[[ Input material open ]]

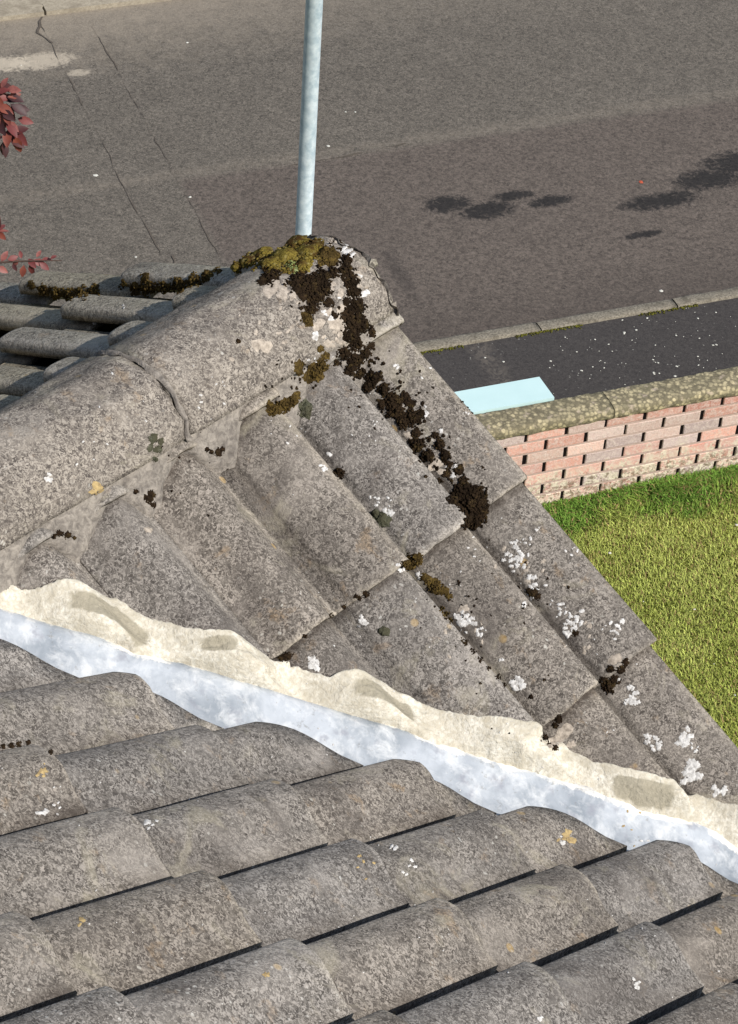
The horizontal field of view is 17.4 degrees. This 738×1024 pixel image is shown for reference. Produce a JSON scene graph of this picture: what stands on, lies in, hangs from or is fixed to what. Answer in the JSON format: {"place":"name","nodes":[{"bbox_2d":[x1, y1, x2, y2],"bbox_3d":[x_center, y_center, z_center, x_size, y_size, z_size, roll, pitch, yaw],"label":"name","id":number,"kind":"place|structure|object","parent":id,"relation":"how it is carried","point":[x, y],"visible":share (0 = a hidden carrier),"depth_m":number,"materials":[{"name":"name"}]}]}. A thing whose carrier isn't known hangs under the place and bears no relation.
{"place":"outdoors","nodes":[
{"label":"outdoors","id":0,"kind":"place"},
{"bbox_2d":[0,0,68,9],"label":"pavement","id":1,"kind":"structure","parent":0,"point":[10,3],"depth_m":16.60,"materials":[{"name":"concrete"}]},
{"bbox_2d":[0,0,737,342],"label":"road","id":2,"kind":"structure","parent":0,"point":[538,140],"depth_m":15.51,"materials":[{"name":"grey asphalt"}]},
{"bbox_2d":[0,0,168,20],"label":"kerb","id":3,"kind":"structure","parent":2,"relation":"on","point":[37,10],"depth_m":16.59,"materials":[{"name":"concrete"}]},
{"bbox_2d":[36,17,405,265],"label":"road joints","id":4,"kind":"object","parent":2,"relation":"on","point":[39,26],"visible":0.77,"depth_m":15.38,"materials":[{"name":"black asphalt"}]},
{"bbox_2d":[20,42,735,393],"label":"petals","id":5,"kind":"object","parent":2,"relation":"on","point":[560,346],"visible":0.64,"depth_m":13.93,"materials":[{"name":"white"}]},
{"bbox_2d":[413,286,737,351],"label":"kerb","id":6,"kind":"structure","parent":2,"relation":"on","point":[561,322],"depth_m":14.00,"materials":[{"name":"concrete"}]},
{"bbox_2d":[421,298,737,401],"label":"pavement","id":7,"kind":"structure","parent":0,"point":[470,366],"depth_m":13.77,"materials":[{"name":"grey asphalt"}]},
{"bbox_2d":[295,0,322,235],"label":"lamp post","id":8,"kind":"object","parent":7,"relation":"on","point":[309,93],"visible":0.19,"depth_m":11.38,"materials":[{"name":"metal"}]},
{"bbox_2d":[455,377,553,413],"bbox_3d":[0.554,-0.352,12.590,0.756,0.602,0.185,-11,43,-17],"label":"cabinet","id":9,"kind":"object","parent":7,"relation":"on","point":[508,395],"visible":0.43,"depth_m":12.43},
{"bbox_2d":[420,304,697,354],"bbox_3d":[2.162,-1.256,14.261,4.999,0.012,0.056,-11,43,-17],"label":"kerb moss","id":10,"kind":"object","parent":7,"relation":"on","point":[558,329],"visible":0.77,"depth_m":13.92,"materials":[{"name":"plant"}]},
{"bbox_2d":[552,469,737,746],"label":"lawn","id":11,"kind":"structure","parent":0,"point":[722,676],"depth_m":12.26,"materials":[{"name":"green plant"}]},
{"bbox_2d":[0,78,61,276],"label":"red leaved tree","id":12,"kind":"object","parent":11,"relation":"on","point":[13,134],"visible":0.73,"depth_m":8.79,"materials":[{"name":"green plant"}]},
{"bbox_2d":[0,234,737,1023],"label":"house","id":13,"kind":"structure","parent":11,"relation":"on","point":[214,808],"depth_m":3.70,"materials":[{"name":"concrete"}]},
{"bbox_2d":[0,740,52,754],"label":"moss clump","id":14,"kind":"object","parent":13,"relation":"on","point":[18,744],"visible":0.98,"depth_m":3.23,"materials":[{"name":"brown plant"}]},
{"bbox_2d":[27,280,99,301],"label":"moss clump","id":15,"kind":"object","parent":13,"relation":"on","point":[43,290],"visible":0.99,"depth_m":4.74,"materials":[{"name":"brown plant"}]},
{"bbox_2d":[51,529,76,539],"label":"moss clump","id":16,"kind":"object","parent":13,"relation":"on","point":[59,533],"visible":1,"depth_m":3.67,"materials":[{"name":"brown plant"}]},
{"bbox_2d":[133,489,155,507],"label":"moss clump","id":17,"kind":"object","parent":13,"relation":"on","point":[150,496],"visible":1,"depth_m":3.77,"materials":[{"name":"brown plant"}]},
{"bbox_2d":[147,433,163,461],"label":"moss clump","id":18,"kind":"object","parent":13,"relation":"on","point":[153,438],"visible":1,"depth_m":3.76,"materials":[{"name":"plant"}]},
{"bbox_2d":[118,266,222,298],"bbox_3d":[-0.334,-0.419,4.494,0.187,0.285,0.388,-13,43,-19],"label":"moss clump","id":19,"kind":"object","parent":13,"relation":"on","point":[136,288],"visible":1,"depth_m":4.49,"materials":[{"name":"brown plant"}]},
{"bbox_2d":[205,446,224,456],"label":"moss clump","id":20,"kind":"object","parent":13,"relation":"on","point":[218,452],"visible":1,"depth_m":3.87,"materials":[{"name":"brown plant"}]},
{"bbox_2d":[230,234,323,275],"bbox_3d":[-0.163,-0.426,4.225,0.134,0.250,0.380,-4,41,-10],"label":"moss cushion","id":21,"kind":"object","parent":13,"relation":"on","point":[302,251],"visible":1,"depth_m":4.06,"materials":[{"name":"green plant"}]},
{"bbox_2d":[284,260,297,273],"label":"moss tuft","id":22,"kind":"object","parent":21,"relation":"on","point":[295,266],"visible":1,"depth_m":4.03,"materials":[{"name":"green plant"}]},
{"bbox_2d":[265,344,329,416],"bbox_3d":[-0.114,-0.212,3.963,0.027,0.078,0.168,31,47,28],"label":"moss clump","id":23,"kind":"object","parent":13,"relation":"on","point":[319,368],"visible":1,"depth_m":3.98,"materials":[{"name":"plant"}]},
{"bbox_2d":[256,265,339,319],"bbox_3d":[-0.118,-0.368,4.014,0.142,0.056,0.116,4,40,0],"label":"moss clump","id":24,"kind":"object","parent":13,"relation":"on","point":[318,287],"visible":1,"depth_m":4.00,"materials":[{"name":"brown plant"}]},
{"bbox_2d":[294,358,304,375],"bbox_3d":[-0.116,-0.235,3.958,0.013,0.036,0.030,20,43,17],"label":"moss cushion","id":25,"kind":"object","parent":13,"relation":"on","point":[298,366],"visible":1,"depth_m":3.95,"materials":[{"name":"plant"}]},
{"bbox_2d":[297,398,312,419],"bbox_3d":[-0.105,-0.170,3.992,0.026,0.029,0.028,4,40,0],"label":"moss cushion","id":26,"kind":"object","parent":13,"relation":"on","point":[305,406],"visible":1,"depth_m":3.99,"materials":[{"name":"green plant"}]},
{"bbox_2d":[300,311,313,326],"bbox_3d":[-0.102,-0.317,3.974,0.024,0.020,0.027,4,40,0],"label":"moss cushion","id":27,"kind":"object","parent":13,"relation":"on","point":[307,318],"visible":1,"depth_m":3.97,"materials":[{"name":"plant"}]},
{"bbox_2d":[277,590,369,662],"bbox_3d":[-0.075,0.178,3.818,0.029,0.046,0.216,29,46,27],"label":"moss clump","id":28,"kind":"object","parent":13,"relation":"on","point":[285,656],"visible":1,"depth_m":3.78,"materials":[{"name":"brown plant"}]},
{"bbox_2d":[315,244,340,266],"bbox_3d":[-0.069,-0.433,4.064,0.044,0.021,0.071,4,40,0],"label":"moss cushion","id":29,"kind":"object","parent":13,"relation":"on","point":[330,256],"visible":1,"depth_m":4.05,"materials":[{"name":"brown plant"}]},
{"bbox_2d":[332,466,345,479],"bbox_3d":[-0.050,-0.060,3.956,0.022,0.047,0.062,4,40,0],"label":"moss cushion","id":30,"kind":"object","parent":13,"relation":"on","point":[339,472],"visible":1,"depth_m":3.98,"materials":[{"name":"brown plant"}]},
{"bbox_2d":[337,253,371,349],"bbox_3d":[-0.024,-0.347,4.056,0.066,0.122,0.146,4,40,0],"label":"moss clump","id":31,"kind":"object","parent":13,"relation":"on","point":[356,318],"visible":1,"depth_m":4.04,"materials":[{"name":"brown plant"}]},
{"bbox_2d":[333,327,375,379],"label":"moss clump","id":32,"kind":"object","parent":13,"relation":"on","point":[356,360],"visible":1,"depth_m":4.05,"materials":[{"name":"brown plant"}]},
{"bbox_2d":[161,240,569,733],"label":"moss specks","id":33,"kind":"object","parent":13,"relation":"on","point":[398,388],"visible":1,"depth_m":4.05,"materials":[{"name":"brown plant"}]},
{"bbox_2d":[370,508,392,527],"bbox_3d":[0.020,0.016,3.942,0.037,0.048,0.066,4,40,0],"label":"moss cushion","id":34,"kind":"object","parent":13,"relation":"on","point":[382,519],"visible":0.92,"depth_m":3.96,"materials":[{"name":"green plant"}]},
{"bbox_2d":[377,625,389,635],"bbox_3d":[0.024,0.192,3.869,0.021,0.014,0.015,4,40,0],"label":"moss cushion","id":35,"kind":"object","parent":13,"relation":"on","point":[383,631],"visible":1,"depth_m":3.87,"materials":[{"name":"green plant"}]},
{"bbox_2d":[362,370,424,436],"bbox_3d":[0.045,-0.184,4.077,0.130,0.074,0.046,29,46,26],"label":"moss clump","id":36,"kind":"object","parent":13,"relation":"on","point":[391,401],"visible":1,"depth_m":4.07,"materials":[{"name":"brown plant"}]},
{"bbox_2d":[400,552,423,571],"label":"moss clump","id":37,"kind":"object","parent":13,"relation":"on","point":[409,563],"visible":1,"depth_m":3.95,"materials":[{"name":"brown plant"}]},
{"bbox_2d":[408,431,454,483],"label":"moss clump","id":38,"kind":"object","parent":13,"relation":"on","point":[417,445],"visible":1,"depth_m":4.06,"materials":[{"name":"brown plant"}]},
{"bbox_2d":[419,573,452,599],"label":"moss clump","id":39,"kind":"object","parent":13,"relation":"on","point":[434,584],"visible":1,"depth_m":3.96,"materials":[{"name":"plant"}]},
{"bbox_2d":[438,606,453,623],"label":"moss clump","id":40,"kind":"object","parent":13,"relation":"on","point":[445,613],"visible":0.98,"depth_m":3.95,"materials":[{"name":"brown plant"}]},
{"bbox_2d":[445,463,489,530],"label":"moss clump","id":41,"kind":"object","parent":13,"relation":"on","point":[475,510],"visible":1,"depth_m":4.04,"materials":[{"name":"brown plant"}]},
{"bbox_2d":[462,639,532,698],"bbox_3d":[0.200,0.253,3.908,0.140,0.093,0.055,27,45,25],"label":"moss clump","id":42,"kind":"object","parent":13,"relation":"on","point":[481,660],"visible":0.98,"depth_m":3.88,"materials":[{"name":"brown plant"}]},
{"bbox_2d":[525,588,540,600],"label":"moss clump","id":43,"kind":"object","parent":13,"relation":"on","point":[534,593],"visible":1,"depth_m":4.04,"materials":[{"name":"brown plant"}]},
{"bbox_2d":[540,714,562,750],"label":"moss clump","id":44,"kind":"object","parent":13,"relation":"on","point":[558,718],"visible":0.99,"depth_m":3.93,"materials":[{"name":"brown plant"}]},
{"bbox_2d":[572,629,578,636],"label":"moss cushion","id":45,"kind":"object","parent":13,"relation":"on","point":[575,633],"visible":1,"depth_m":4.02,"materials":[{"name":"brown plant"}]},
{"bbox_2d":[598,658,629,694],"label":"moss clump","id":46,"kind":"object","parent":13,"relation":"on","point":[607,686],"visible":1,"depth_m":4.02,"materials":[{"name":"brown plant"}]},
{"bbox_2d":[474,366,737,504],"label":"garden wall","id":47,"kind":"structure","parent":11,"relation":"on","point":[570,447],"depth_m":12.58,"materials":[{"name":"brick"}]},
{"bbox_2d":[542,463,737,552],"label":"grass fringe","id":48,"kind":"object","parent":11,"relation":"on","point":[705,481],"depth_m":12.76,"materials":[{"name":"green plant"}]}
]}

[[ Input material closed ]]

→ **Directions for this task**
This exercise needs every line of the listing that contains the word "nodes".

→ **Answer space**
The horizontal field of view is 17.4 degrees. This 738×1024 pixel image is shown for reference. Produce a JSON scene graph of this picture: what stands on, lies in, hangs from or is fixed to what. Answer in the JSON format: {"place":"name","nodes":[{"bbox_2d":[x1, y1, x2, y2],"bbox_3d":[x_center, y_center, z_center, x_size, y_size, z_size, roll, pitch, yaw],"label":"name","id":number,"kind":"place|structure|object","parent":id,"relation":"how it is carried","point":[x, y],"visible":share (0 = a hidden carrier),"depth_m":number,"materials":[{"name":"name"}]}]}. A thing whose carrier isn't known hangs under the place and bears no relation.
{"place":"outdoors","nodes":[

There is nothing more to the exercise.